An exact reproduction of all the entries is what the answer must contain.

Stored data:
--- START ---
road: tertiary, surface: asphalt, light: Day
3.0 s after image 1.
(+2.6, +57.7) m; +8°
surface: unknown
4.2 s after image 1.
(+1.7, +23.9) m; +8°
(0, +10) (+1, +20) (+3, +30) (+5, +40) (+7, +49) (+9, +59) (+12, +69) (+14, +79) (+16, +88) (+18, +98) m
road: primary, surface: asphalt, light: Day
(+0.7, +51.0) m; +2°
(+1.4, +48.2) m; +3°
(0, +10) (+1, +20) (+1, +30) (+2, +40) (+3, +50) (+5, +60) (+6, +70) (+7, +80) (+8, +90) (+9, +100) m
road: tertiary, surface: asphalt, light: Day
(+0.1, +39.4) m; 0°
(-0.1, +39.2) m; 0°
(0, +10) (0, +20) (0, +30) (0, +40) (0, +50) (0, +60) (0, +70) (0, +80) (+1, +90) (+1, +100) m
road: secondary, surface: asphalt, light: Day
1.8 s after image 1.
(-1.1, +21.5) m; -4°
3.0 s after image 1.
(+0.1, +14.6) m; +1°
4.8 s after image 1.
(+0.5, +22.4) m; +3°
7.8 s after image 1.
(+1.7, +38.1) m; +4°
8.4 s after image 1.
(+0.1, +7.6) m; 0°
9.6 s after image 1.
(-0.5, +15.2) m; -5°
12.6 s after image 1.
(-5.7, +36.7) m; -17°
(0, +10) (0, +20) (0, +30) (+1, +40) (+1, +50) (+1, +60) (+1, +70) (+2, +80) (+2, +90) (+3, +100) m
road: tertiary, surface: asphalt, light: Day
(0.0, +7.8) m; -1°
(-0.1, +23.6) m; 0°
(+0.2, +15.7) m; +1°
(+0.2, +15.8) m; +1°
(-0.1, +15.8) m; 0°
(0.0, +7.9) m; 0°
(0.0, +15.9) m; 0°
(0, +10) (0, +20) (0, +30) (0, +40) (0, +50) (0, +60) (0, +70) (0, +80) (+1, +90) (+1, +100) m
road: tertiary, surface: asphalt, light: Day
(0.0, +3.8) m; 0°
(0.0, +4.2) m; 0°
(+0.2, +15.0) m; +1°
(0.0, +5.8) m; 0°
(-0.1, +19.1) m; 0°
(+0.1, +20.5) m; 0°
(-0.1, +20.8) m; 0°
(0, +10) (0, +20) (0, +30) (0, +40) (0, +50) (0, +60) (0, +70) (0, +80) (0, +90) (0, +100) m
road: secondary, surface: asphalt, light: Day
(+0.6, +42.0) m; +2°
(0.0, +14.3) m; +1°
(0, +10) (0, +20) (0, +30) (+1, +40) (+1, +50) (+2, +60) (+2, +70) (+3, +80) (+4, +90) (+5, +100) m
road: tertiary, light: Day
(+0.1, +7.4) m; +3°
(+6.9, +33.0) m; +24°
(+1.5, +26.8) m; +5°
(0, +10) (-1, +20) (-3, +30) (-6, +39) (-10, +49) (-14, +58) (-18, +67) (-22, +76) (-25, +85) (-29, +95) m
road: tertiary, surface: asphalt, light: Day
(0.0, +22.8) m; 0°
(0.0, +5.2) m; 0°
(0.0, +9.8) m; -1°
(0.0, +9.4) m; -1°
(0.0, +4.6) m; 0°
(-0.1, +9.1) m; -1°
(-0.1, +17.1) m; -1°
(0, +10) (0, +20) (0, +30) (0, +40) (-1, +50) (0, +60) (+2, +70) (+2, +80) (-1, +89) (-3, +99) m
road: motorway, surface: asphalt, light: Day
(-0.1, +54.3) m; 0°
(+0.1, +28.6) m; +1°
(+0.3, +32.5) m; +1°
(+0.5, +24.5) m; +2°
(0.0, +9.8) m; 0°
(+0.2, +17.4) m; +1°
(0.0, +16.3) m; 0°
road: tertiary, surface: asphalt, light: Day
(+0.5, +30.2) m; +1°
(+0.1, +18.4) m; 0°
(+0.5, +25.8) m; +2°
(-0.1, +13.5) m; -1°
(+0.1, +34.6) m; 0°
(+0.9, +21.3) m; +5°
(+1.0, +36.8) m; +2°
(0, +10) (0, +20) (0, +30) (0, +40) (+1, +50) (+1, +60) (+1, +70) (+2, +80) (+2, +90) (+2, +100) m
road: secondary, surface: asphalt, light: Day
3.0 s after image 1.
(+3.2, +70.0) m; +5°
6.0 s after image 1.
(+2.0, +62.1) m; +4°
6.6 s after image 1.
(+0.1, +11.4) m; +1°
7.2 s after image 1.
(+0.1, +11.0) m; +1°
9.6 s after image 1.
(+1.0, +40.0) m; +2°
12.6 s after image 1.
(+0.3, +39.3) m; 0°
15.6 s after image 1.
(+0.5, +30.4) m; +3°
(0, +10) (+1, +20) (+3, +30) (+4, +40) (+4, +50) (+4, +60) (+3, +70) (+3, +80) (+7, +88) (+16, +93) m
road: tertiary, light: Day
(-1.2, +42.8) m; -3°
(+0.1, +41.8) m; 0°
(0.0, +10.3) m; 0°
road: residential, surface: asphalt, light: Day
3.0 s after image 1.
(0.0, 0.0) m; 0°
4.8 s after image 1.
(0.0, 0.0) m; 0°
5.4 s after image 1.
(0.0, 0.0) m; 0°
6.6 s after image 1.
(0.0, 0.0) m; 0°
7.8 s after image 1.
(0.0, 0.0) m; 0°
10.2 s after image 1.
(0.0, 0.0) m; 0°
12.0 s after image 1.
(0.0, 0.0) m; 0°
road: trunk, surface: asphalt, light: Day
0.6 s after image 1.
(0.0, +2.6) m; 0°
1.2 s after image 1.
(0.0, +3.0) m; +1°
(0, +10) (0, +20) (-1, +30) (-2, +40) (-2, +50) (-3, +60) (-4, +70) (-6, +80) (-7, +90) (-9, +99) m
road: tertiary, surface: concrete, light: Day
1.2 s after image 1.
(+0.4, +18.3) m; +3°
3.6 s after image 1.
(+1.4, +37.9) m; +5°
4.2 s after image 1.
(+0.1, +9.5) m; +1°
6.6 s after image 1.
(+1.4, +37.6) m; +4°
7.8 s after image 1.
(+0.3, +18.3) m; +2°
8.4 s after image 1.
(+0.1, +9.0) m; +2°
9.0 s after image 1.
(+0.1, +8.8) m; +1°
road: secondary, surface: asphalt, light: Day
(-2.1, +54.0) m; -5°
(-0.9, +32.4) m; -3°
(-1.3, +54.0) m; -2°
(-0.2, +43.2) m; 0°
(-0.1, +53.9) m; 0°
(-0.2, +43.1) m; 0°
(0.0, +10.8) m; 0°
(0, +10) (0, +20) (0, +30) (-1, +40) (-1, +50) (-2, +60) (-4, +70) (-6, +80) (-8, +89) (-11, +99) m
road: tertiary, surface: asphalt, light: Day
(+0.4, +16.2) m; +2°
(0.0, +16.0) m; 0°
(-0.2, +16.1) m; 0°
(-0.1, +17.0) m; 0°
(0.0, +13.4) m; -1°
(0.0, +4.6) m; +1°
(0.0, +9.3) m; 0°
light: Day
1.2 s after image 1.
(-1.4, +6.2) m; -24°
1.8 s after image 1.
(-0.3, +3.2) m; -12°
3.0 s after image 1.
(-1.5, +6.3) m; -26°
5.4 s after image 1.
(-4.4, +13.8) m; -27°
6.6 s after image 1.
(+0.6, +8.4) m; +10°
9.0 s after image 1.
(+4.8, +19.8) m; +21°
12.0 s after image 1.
--- END ---
*Response box*:
road: tertiary, surface: asphalt, light: Day
3.0 s after image 1.
(+2.6, +57.7) m; +8°
surface: unknown
4.2 s after image 1.
(+1.7, +23.9) m; +8°
(0, +10) (+1, +20) (+3, +30) (+5, +40) (+7, +49) (+9, +59) (+12, +69) (+14, +79) (+16, +88) (+18, +98) m
road: primary, surface: asphalt, light: Day
(+0.7, +51.0) m; +2°
(+1.4, +48.2) m; +3°
(0, +10) (+1, +20) (+1, +30) (+2, +40) (+3, +50) (+5, +60) (+6, +70) (+7, +80) (+8, +90) (+9, +100) m
road: tertiary, surface: asphalt, light: Day
(+0.1, +39.4) m; 0°
(-0.1, +39.2) m; 0°
(0, +10) (0, +20) (0, +30) (0, +40) (0, +50) (0, +60) (0, +70) (0, +80) (+1, +90) (+1, +100) m
road: secondary, surface: asphalt, light: Day
1.8 s after image 1.
(-1.1, +21.5) m; -4°
3.0 s after image 1.
(+0.1, +14.6) m; +1°
4.8 s after image 1.
(+0.5, +22.4) m; +3°
7.8 s after image 1.
(+1.7, +38.1) m; +4°
8.4 s after image 1.
(+0.1, +7.6) m; 0°
9.6 s after image 1.
(-0.5, +15.2) m; -5°
12.6 s after image 1.
(-5.7, +36.7) m; -17°
(0, +10) (0, +20) (0, +30) (+1, +40) (+1, +50) (+1, +60) (+1, +70) (+2, +80) (+2, +90) (+3, +100) m
road: tertiary, surface: asphalt, light: Day
(0.0, +7.8) m; -1°
(-0.1, +23.6) m; 0°
(+0.2, +15.7) m; +1°
(+0.2, +15.8) m; +1°
(-0.1, +15.8) m; 0°
(0.0, +7.9) m; 0°
(0.0, +15.9) m; 0°
(0, +10) (0, +20) (0, +30) (0, +40) (0, +50) (0, +60) (0, +70) (0, +80) (+1, +90) (+1, +100) m
road: tertiary, surface: asphalt, light: Day
(0.0, +3.8) m; 0°
(0.0, +4.2) m; 0°
(+0.2, +15.0) m; +1°
(0.0, +5.8) m; 0°
(-0.1, +19.1) m; 0°
(+0.1, +20.5) m; 0°
(-0.1, +20.8) m; 0°
(0, +10) (0, +20) (0, +30) (0, +40) (0, +50) (0, +60) (0, +70) (0, +80) (0, +90) (0, +100) m
road: secondary, surface: asphalt, light: Day
(+0.6, +42.0) m; +2°
(0.0, +14.3) m; +1°
(0, +10) (0, +20) (0, +30) (+1, +40) (+1, +50) (+2, +60) (+2, +70) (+3, +80) (+4, +90) (+5, +100) m
road: tertiary, light: Day
(+0.1, +7.4) m; +3°
(+6.9, +33.0) m; +24°
(+1.5, +26.8) m; +5°
(0, +10) (-1, +20) (-3, +30) (-6, +39) (-10, +49) (-14, +58) (-18, +67) (-22, +76) (-25, +85) (-29, +95) m
road: tertiary, surface: asphalt, light: Day
(0.0, +22.8) m; 0°
(0.0, +5.2) m; 0°
(0.0, +9.8) m; -1°
(0.0, +9.4) m; -1°
(0.0, +4.6) m; 0°
(-0.1, +9.1) m; -1°
(-0.1, +17.1) m; -1°
(0, +10) (0, +20) (0, +30) (0, +40) (-1, +50) (0, +60) (+2, +70) (+2, +80) (-1, +89) (-3, +99) m
road: motorway, surface: asphalt, light: Day
(-0.1, +54.3) m; 0°
(+0.1, +28.6) m; +1°
(+0.3, +32.5) m; +1°
(+0.5, +24.5) m; +2°
(0.0, +9.8) m; 0°
(+0.2, +17.4) m; +1°
(0.0, +16.3) m; 0°
road: tertiary, surface: asphalt, light: Day
(+0.5, +30.2) m; +1°
(+0.1, +18.4) m; 0°
(+0.5, +25.8) m; +2°
(-0.1, +13.5) m; -1°
(+0.1, +34.6) m; 0°
(+0.9, +21.3) m; +5°
(+1.0, +36.8) m; +2°
(0, +10) (0, +20) (0, +30) (0, +40) (+1, +50) (+1, +60) (+1, +70) (+2, +80) (+2, +90) (+2, +100) m
road: secondary, surface: asphalt, light: Day
3.0 s after image 1.
(+3.2, +70.0) m; +5°
6.0 s after image 1.
(+2.0, +62.1) m; +4°
6.6 s after image 1.
(+0.1, +11.4) m; +1°
7.2 s after image 1.
(+0.1, +11.0) m; +1°
9.6 s after image 1.
(+1.0, +40.0) m; +2°
12.6 s after image 1.
(+0.3, +39.3) m; 0°
15.6 s after image 1.
(+0.5, +30.4) m; +3°
(0, +10) (+1, +20) (+3, +30) (+4, +40) (+4, +50) (+4, +60) (+3, +70) (+3, +80) (+7, +88) (+16, +93) m
road: tertiary, light: Day
(-1.2, +42.8) m; -3°
(+0.1, +41.8) m; 0°
(0.0, +10.3) m; 0°
road: residential, surface: asphalt, light: Day
3.0 s after image 1.
(0.0, 0.0) m; 0°
4.8 s after image 1.
(0.0, 0.0) m; 0°
5.4 s after image 1.
(0.0, 0.0) m; 0°
6.6 s after image 1.
(0.0, 0.0) m; 0°
7.8 s after image 1.
(0.0, 0.0) m; 0°
10.2 s after image 1.
(0.0, 0.0) m; 0°
12.0 s after image 1.
(0.0, 0.0) m; 0°
road: trunk, surface: asphalt, light: Day
0.6 s after image 1.
(0.0, +2.6) m; 0°
1.2 s after image 1.
(0.0, +3.0) m; +1°
(0, +10) (0, +20) (-1, +30) (-2, +40) (-2, +50) (-3, +60) (-4, +70) (-6, +80) (-7, +90) (-9, +99) m
road: tertiary, surface: concrete, light: Day
1.2 s after image 1.
(+0.4, +18.3) m; +3°
3.6 s after image 1.
(+1.4, +37.9) m; +5°
4.2 s after image 1.
(+0.1, +9.5) m; +1°
6.6 s after image 1.
(+1.4, +37.6) m; +4°
7.8 s after image 1.
(+0.3, +18.3) m; +2°
8.4 s after image 1.
(+0.1, +9.0) m; +2°
9.0 s after image 1.
(+0.1, +8.8) m; +1°
road: secondary, surface: asphalt, light: Day
(-2.1, +54.0) m; -5°
(-0.9, +32.4) m; -3°
(-1.3, +54.0) m; -2°
(-0.2, +43.2) m; 0°
(-0.1, +53.9) m; 0°
(-0.2, +43.1) m; 0°
(0.0, +10.8) m; 0°
(0, +10) (0, +20) (0, +30) (-1, +40) (-1, +50) (-2, +60) (-4, +70) (-6, +80) (-8, +89) (-11, +99) m
road: tertiary, surface: asphalt, light: Day
(+0.4, +16.2) m; +2°
(0.0, +16.0) m; 0°
(-0.2, +16.1) m; 0°
(-0.1, +17.0) m; 0°
(0.0, +13.4) m; -1°
(0.0, +4.6) m; +1°
(0.0, +9.3) m; 0°
light: Day
1.2 s after image 1.
(-1.4, +6.2) m; -24°
1.8 s after image 1.
(-0.3, +3.2) m; -12°
3.0 s after image 1.
(-1.5, +6.3) m; -26°
5.4 s after image 1.
(-4.4, +13.8) m; -27°
6.6 s after image 1.
(+0.6, +8.4) m; +10°
9.0 s after image 1.
(+4.8, +19.8) m; +21°
12.0 s after image 1.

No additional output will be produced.